Joseph Redmon: How computers learn to recognize objects instantly

Ten years ago, computer vision researchers thought that getting a computer to tell the difference between a cat and a dog would be almost impossible, even with the significant advance in the state of artificial intelligence. Now we can do it at a level greater than 99 percent accuracy. This is called image classification -- give it an image, put a label to that image -- and computers know thousands of other categories as well.

Dziesięć lat temu badacze rozpoznawania obrazów sądzili, że nauczenie komputera rozróżniania kota od psa jest prawie niemożliwe nawet przy sporym postępie rozwoju sztucznej inteligencji. Teraz jest to możliwe z dokładnością większą niż 99%. Nazywamy to klasyfikacją obrazu: dostarcz obraz, przypisz do niego etykietę... komputery znają teraz tysiące innych kategorii.

I'm a graduate student at the University of Washington, and I work on a project called Darknet, which is a neural network framework for training and testing computer vision models. So let's just see what Darknet thinks of this image that we have. When we run our classifier on this image, we see we don't just get a prediction of dog or cat, we actually get specific breed predictions. That's the level of granularity we have now. And it's correct. My dog is in fact a malamute.

Jestem doktorantem na Uniwersytecie Waszyngtońskim i pracuję nad projektem "Darknet", który jest frameworkiem sieci neuronowej do ćwiczenia i testowana modeli rozpoznawania obrazów. Sprawdźmy więc, co "Darknet" sądzi o tym obrazie. Wprowadzenie tego obrazu do klasyfikatora nie tylko da nam prognozę, czy to pies czy kot, ale nawet prognozę konkretnej rasy. Taki poziom szczegółowości jest teraz dostępny. I jest to poprawne rozpoznanie. Mój pies to naprawdę malamut.

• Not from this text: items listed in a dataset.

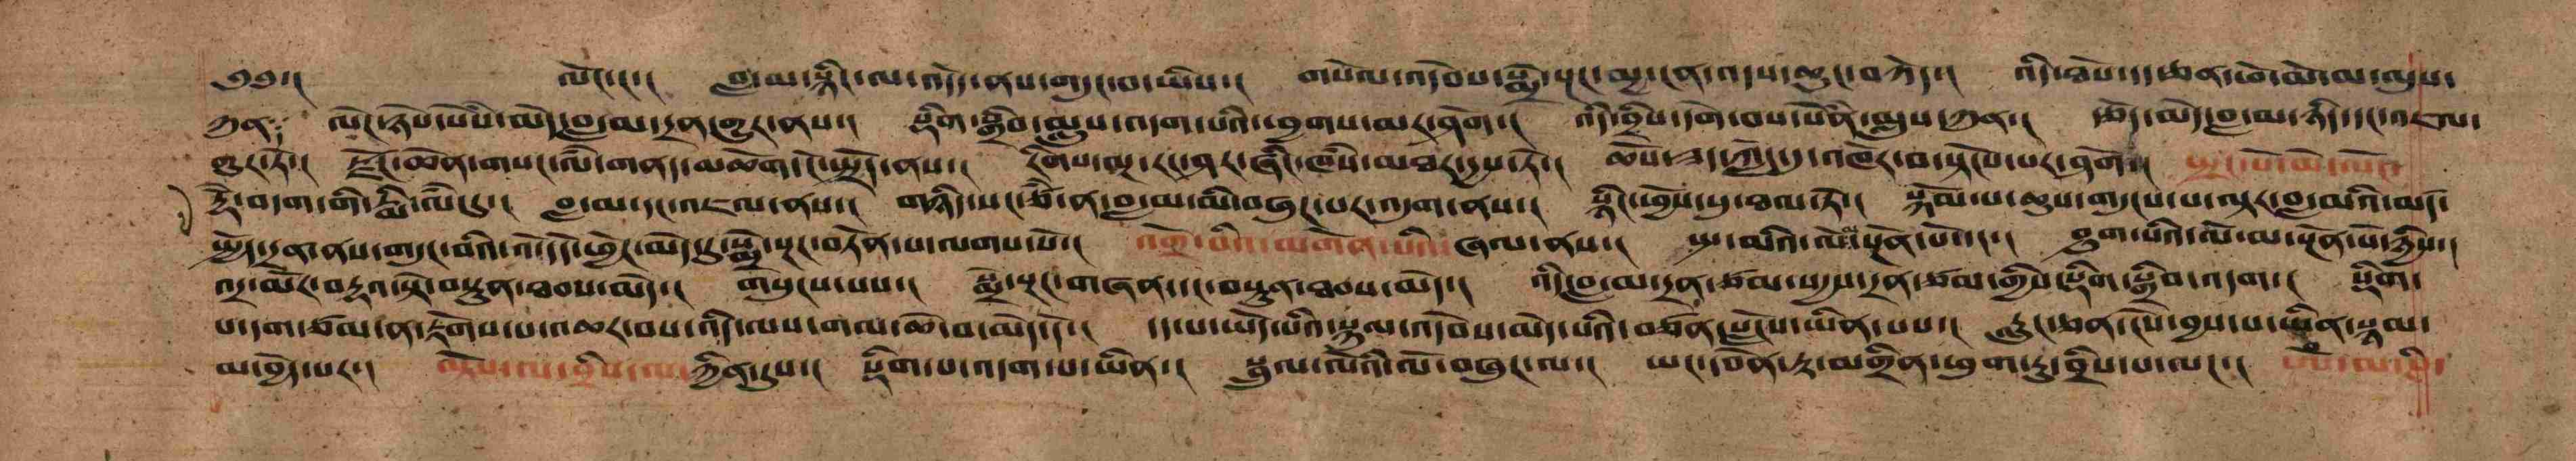༄༅། ལོང་ང་། བླ་མ་སྙིང་ལ་འདོད་ནས་གདུང་བ་ཡིས། གསོལ་འདེབས་སྨྲེ་སྔགས་མྱ་ངན་འདས་ཆུང་བཀོད། འདི་ཐོས་དད་ཅན་ཕོ་མོ་མ་ལུས་
ཀུན༑ ལེགས་ཉེས་སེམས་མེད་བླ་མ་དྲན་གྱུར་ནས། སྡིག་སྒྲིབ་མ་ལུས་འདག་པའི་ཕྱགས་མར་ཤོག། འདི་བྲིས་དགེ་བས་སེམས་ཅན་མ་ལུས་ཀུན། རྩོད་མེད་བླ་མ་ཉིད་དང་འཇལ་
གྱུར་ཏེ། རྫོགས་ཆེན་གསང་ལི་གནད་མཆོག་ངོ་སྤྲོད་ནས། རིགས་ལྔ་རང་ཤར་ཞིང་ཁམས་མཐར་རྒྱས་ཏེ། ཆོས་ཟད་ཀློང་དུ་འཁོར་བ་སྟོངས་པར་ཤོག སྤྲང་པོ་མེ་ལོང་
རྡོ་རྗེ་བདག་གི་རྨི་ལམ་དུ། བླ་མ་དང་འཇལ་ནས། གཉིད་སང་ཙི་ན་བླ་མ་མི་བཞུགས་པར་འདུག་ནས། སྙིང་ཕྱོས་སུ་ཐལ་ཏེ། སྐོམ་པ་ཆུས་གདུངས་པ་ལྟར་བླ་མའི་མཛད་
སྤྱོད་དྲན་ནས་གདུང་བའི་འོ་དོད་ཕྱོགས་མེད་དུ་སྨྲེ་སྔགས་བཏོན་པ་ལགས་སོ། འགྲོ་བའི་མགོན་པོའི་ཞལ་ནས། སྤ་མའི་ལམ་སྔོན་པོ་དང་། ཤུག་པའི་ལོ་མ་སྔོན་པོ་གཉིས། 
འདྲ་མེར་བདྷའ་སྟེ་བསྟུན་ཐབས་མེད། གསུངས་པས། སྨྲེ་སྔགས་གཞན་དང་བསྟུན་ཐབས་མེད། འདི་བླ་མ་དྲན་ཙམ་སངས་རྒྱས་དྲན་ཙམ་གྱིས་སྡིག་འདག། སྡིག་
པ་དག་ཙམ་ན་རྟོགས་པ་འཆར་བས་འདི་ལས་གལ་ཆེ་བ་མེད་དོ། དད་པ་ཡོད་པའི་སྐུལ་འདེབས་མེད་པའི་བཙན་སློངས་ཡིན་པས། རླུང་ཅན་ངེས་བྱས་པ་ཡིན་སྙམ་
མ་བྱེད་པར། ལྟོས་ལ་བྲིས་ལ་ཀྱིན་དུས། སྡིག་པ་འདག་པ་ཡིན། སྦྲུལ་ལོའི་ལོ་བཞུགས་ལ། ཡང་དབེན་རྟ་མགྲིན་ཕུག་ཏུ་བྲིས་པ་ལགས། ཨོཾ་མ་ཎི་

So we've made amazing strides in image classification, but what happens when we run our classifier on an image that looks like this? Well ... We see that the classifier comes back with a pretty similar prediction. And it's correct, there is a malamute in the image, but just given this label, we don't actually know that much about what's going on in the image. We need something more powerful. I work on a problem called object detection, where we look at an image and try to find all of the objects, put bounding boxes around them and say what those objects are. So here's what happens when we run a detector on this image.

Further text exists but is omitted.